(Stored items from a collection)

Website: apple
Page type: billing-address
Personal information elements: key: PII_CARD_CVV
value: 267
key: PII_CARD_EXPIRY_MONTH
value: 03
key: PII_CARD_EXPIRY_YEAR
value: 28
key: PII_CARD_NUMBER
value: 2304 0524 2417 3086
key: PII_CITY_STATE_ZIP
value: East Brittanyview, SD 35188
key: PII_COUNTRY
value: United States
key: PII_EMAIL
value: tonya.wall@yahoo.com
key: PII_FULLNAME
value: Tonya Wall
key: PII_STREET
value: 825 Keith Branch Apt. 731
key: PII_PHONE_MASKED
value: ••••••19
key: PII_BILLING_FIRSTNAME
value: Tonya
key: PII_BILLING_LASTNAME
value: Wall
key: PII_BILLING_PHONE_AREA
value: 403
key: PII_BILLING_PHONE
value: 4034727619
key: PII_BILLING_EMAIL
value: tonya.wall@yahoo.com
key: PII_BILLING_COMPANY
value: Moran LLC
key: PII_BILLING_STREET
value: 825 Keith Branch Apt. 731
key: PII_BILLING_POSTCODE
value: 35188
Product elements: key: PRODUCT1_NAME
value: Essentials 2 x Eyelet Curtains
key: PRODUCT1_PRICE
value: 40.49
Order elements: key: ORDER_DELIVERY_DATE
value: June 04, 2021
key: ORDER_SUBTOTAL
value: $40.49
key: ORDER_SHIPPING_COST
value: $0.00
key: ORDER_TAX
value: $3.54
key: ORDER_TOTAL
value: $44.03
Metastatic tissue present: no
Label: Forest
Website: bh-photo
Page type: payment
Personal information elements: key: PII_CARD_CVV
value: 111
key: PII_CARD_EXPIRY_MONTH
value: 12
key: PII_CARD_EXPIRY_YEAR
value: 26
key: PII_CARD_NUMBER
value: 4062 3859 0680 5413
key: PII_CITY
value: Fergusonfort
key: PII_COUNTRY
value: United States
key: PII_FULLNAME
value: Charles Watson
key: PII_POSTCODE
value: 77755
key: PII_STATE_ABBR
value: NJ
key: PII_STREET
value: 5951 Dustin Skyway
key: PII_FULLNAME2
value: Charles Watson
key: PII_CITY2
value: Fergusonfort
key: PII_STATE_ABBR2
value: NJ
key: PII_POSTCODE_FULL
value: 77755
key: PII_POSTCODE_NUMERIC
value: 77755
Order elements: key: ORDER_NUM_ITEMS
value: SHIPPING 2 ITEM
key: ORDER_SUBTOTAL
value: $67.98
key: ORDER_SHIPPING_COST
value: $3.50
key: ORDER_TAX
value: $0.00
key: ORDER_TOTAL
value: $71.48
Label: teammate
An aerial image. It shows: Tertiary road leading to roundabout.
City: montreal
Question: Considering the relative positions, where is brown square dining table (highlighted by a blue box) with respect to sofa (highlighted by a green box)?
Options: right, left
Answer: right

Exercise aim >> With the line that contains "value: $71.48" as your start, reproduce the data above exactly through its last line, and nothing before that start.

Problem solution >>
value: $71.48
Label: teammate
An aerial image. It shows: Tertiary road leading to roundabout.
City: montreal
Question: Considering the relative positions, where is brown square dining table (highlighted by a blue box) with respect to sofa (highlighted by a green box)?
Options: right, left
Answer: right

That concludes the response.